◆ ABOUT THIS TASK ◆
Gather, from the data below, each line in which the word "width" occurs.
EXTRACTED ENTRIES: Begin
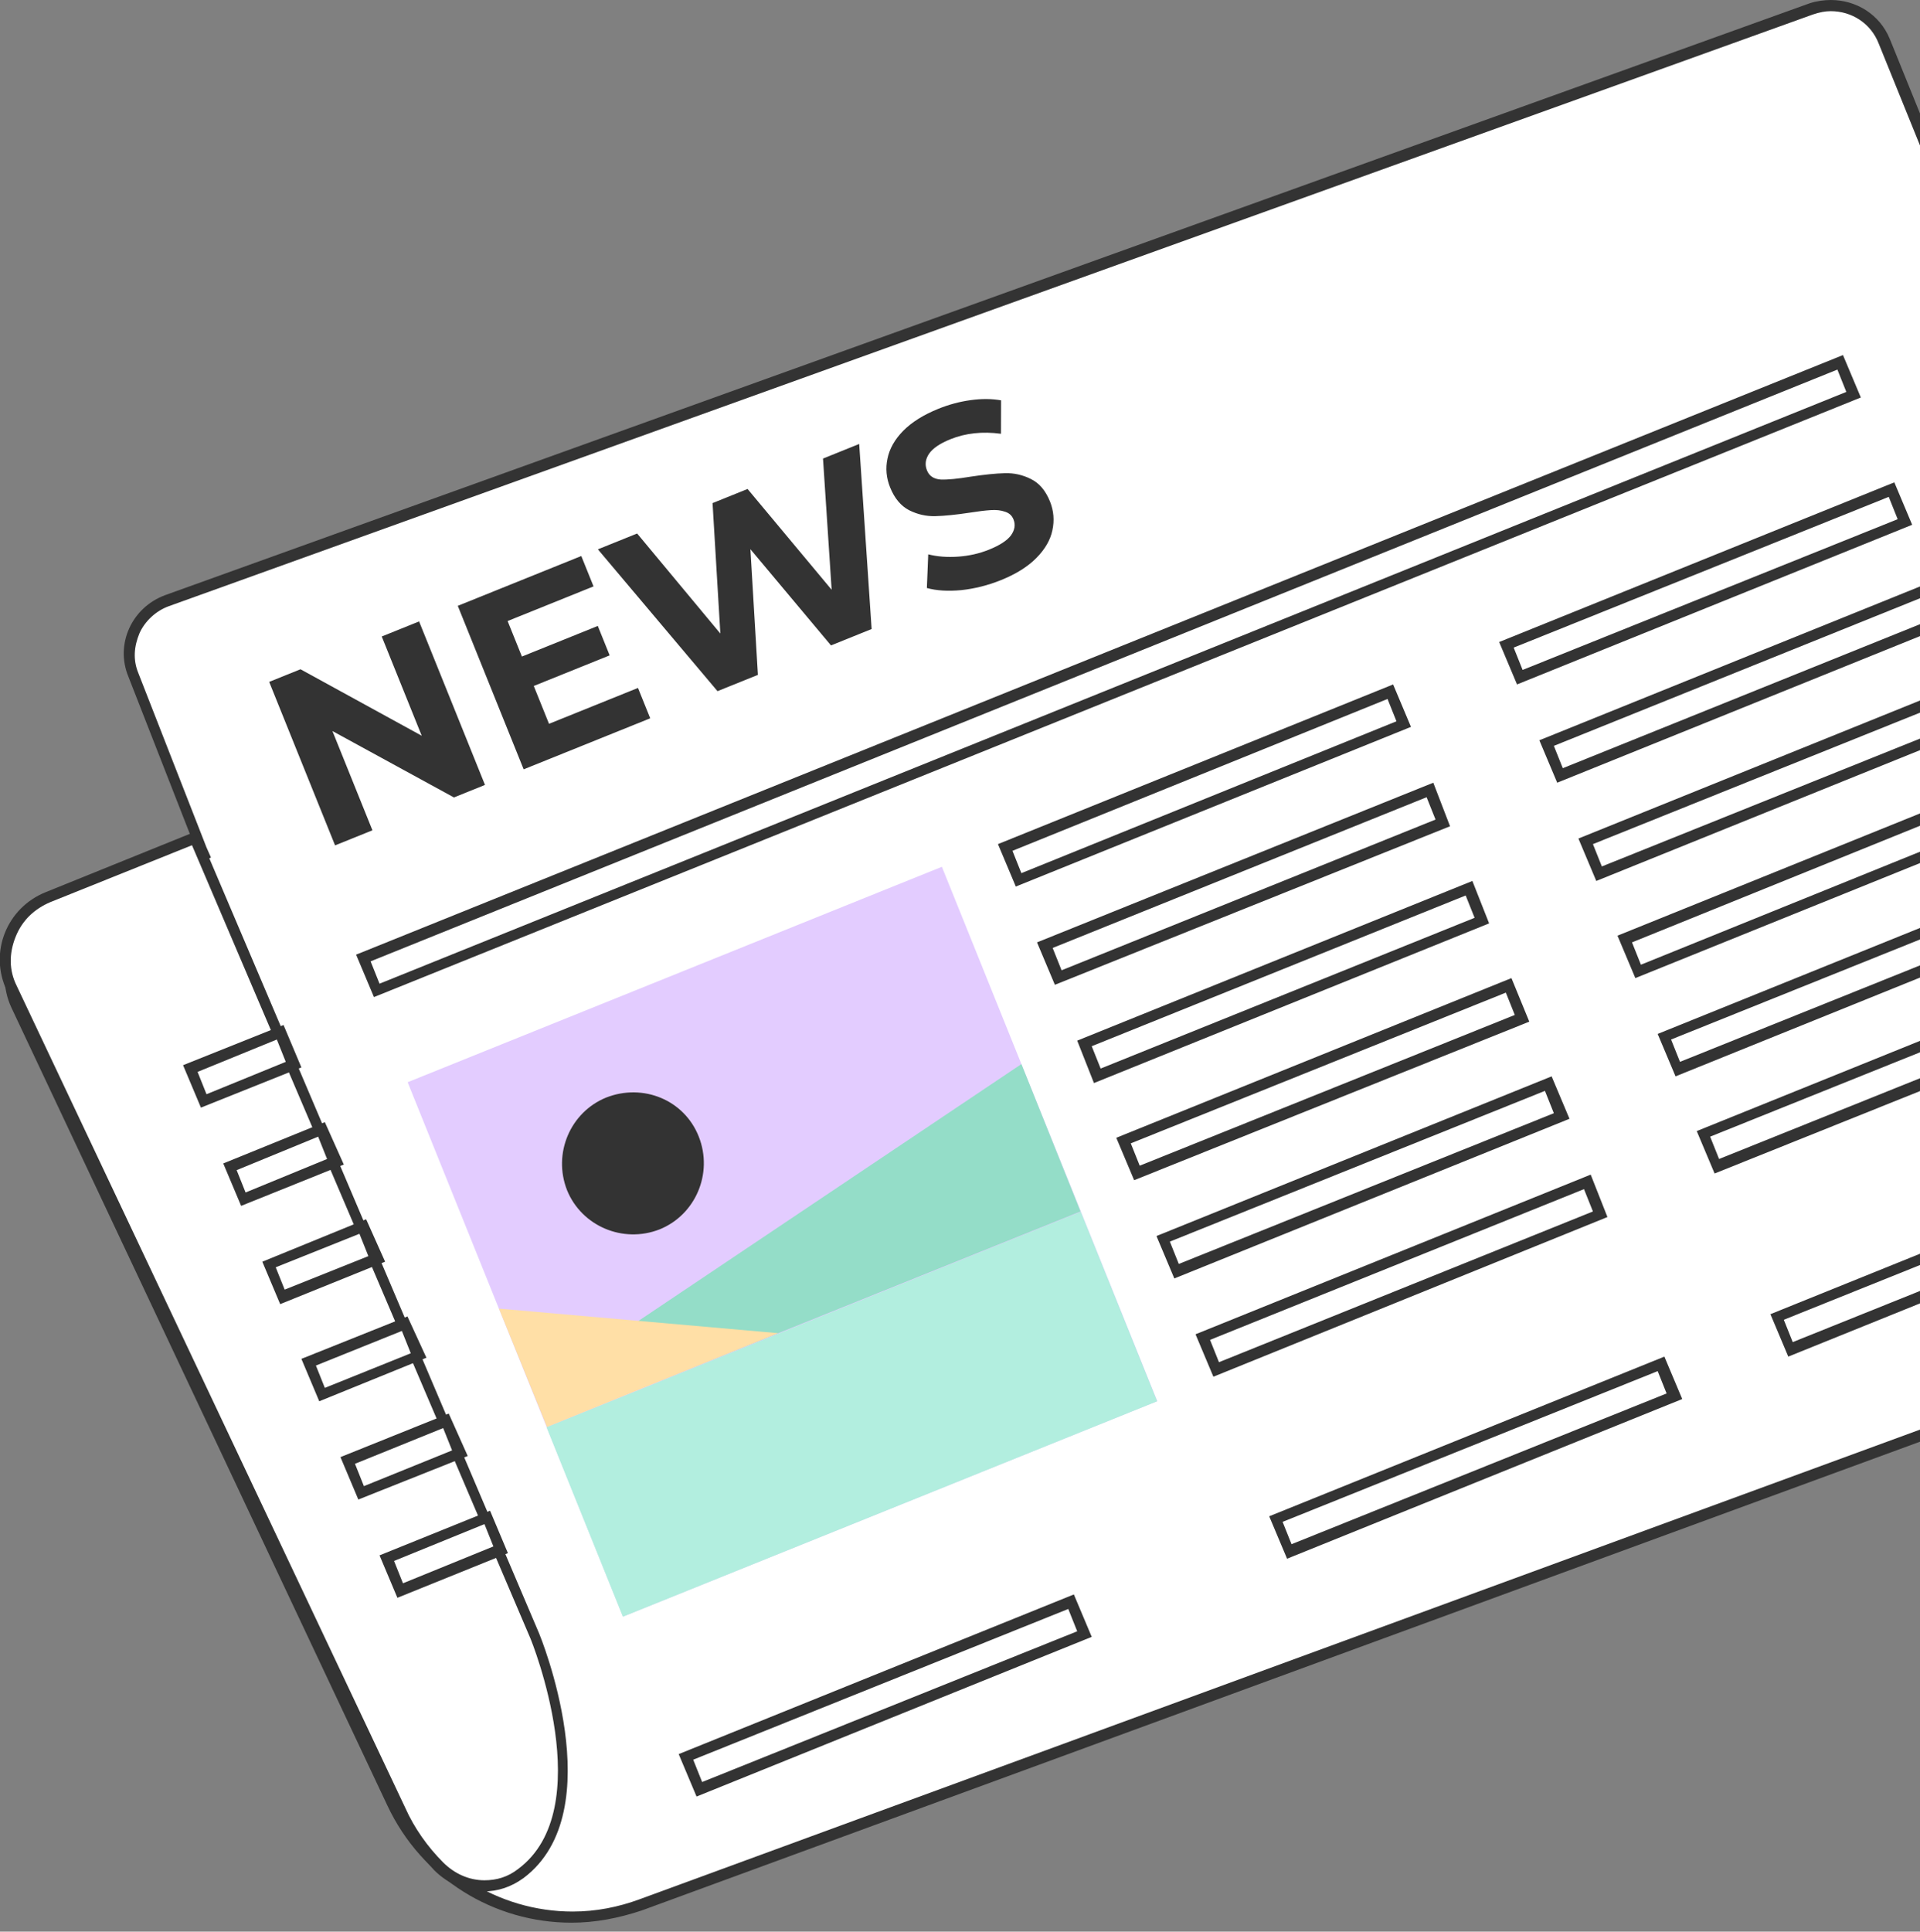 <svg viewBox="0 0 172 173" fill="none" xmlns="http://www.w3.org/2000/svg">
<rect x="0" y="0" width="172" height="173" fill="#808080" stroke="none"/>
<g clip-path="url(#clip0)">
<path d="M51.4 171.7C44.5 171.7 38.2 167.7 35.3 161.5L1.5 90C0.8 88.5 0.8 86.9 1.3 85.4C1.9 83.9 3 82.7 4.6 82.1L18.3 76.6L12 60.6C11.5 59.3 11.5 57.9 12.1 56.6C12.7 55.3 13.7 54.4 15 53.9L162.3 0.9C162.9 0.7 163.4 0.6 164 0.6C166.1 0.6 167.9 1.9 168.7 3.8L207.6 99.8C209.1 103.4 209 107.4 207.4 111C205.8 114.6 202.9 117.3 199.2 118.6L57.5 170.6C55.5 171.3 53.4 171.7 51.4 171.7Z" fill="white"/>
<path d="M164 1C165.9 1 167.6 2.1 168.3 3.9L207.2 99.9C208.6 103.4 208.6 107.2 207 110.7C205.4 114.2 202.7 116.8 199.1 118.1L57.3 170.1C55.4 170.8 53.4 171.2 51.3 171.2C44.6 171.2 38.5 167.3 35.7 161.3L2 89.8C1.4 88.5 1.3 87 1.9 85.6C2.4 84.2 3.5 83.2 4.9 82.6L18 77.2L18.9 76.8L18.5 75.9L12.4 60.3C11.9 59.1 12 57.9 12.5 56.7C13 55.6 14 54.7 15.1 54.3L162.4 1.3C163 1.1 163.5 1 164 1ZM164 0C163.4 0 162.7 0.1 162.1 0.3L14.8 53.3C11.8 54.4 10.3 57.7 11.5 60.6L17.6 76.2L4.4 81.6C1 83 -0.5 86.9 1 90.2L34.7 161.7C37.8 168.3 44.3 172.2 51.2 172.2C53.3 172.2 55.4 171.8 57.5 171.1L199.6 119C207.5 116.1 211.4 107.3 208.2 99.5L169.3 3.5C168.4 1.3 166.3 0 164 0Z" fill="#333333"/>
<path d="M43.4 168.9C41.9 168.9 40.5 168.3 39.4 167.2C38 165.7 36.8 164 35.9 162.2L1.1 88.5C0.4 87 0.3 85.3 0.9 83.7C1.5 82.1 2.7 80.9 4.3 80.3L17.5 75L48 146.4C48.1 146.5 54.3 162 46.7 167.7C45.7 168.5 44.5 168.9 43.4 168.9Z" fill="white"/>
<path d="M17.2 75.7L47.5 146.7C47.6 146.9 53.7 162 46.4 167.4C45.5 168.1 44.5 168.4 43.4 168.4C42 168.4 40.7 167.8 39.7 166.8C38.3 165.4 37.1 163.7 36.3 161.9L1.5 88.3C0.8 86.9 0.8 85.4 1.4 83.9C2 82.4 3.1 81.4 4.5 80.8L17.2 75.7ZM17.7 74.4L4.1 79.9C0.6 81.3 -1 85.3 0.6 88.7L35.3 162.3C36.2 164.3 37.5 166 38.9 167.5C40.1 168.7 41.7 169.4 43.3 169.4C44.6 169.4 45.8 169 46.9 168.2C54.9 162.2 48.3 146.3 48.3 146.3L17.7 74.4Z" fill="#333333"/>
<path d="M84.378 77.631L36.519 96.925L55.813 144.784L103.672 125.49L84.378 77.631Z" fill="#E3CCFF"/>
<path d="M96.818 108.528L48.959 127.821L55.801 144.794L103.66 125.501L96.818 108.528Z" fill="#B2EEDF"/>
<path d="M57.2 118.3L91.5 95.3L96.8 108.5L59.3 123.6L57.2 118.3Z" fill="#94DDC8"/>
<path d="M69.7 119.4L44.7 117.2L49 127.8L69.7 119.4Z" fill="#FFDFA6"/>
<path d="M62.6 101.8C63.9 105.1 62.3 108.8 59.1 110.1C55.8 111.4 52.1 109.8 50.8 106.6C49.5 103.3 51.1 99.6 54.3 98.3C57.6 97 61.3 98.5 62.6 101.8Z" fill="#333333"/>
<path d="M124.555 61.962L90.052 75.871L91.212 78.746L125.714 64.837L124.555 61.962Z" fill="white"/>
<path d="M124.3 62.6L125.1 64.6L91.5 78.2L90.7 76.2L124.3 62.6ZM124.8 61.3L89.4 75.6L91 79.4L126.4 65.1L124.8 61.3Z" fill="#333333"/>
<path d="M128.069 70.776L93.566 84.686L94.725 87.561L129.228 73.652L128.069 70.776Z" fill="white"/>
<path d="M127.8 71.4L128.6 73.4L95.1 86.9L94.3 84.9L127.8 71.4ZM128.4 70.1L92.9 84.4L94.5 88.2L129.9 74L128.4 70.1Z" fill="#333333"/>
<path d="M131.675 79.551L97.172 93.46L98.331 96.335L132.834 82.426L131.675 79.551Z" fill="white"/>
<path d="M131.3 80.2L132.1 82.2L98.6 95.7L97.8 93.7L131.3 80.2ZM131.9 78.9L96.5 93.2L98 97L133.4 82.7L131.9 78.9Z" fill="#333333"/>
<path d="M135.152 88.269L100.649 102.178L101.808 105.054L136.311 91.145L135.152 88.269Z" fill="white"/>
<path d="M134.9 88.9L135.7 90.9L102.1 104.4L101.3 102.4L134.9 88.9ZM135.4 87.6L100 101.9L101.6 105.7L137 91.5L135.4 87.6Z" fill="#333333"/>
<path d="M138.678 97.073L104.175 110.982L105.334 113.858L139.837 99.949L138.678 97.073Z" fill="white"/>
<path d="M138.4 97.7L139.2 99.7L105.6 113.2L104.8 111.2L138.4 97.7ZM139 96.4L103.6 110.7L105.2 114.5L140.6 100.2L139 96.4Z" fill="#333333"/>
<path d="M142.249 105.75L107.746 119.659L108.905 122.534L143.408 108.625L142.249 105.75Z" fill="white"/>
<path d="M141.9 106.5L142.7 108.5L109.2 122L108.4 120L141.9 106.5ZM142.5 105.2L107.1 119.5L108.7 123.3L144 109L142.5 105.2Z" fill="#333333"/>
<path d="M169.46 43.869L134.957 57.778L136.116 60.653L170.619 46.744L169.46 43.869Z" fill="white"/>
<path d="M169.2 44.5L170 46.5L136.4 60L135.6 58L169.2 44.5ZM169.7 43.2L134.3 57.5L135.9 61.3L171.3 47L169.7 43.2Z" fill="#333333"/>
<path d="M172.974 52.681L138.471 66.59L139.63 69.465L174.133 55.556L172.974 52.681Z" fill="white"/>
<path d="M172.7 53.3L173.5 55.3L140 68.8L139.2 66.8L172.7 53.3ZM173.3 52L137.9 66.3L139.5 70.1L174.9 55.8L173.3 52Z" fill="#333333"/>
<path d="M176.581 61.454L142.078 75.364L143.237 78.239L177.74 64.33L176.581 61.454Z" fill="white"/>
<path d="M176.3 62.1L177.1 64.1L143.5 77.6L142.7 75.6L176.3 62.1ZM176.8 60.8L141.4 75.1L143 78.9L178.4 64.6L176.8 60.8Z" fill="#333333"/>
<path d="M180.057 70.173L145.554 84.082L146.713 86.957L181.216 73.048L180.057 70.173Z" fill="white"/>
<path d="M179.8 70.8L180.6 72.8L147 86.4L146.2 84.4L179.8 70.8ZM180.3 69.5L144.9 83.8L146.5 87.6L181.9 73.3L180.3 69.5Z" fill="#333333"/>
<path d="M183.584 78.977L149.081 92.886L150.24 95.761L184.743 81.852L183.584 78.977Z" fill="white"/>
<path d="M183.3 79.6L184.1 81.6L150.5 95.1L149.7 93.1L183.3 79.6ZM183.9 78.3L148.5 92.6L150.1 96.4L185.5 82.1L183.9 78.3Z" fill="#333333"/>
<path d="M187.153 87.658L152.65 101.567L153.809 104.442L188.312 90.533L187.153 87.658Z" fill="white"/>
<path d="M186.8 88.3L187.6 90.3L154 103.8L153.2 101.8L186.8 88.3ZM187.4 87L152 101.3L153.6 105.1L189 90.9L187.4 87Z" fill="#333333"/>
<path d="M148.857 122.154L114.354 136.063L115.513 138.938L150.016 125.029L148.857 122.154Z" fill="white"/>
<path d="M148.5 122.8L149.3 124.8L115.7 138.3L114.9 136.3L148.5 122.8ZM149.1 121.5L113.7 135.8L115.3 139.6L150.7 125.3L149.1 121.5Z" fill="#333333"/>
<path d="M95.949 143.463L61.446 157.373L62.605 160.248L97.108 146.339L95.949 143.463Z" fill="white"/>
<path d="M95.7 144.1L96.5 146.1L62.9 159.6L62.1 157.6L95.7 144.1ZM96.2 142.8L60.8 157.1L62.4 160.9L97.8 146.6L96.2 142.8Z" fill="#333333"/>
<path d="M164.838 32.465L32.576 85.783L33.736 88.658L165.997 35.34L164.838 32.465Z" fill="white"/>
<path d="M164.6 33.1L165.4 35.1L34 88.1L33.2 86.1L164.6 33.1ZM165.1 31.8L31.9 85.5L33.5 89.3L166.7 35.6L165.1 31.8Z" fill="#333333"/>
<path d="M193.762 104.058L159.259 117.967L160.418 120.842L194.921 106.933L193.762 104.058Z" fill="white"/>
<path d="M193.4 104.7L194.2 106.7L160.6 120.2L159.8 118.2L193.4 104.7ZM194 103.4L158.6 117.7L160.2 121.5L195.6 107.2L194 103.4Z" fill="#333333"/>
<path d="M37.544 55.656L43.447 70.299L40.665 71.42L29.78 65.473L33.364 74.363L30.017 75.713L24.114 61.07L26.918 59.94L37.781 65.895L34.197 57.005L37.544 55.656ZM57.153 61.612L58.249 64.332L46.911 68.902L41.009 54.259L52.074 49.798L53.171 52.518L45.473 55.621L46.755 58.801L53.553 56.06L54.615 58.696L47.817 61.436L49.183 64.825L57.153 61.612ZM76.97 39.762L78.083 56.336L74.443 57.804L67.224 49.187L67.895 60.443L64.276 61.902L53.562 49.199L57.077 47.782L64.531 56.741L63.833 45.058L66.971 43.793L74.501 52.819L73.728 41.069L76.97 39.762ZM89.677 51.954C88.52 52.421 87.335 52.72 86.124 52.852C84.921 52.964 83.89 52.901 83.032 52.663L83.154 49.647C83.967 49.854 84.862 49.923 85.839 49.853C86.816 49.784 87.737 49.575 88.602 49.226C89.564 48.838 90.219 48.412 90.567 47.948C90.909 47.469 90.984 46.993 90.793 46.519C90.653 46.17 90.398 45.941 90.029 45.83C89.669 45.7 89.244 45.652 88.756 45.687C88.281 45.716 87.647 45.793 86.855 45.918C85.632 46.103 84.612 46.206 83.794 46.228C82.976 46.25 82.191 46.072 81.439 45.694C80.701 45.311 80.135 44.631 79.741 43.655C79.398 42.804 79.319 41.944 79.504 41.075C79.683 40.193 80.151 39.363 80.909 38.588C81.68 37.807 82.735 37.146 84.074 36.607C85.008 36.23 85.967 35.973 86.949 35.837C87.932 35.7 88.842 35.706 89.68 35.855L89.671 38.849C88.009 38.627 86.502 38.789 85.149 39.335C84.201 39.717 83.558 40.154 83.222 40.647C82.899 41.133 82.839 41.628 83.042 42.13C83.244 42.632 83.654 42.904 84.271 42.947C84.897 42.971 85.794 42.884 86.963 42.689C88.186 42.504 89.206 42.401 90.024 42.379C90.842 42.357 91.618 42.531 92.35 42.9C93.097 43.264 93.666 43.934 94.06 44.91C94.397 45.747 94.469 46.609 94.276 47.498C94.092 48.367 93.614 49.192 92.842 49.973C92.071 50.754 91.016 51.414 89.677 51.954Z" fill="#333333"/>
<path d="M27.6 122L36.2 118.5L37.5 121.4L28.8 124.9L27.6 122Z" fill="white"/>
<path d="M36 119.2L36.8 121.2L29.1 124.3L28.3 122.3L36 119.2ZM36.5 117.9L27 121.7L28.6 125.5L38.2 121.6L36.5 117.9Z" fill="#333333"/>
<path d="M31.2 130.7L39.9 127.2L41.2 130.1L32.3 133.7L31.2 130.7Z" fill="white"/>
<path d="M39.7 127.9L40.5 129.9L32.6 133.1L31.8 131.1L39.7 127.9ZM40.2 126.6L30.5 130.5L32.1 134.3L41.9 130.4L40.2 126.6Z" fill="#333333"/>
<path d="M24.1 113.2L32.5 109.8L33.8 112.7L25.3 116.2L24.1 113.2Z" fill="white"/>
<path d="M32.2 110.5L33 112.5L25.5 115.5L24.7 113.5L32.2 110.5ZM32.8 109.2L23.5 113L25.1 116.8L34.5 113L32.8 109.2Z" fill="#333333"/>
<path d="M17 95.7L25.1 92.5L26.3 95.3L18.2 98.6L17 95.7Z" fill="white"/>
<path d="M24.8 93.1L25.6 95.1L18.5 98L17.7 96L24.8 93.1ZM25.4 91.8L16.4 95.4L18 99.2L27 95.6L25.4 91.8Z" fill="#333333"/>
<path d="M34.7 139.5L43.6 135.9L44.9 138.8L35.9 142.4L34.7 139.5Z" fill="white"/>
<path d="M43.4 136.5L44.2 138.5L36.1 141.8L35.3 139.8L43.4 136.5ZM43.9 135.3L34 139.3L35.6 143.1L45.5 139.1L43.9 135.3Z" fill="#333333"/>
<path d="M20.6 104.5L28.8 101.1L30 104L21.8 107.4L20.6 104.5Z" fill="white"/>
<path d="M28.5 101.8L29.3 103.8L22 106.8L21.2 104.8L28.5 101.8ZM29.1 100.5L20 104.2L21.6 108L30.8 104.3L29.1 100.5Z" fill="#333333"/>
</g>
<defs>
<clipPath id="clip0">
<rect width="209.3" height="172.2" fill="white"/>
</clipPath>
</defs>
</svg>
EXTRACTED ENTRIES: End
◆ ANSWER FOR THIS EXERCISE ◆
<rect x="0" y="0" width="172" height="173" fill="#808080" stroke="none"/>
<rect width="209.3" height="172.2" fill="white"/>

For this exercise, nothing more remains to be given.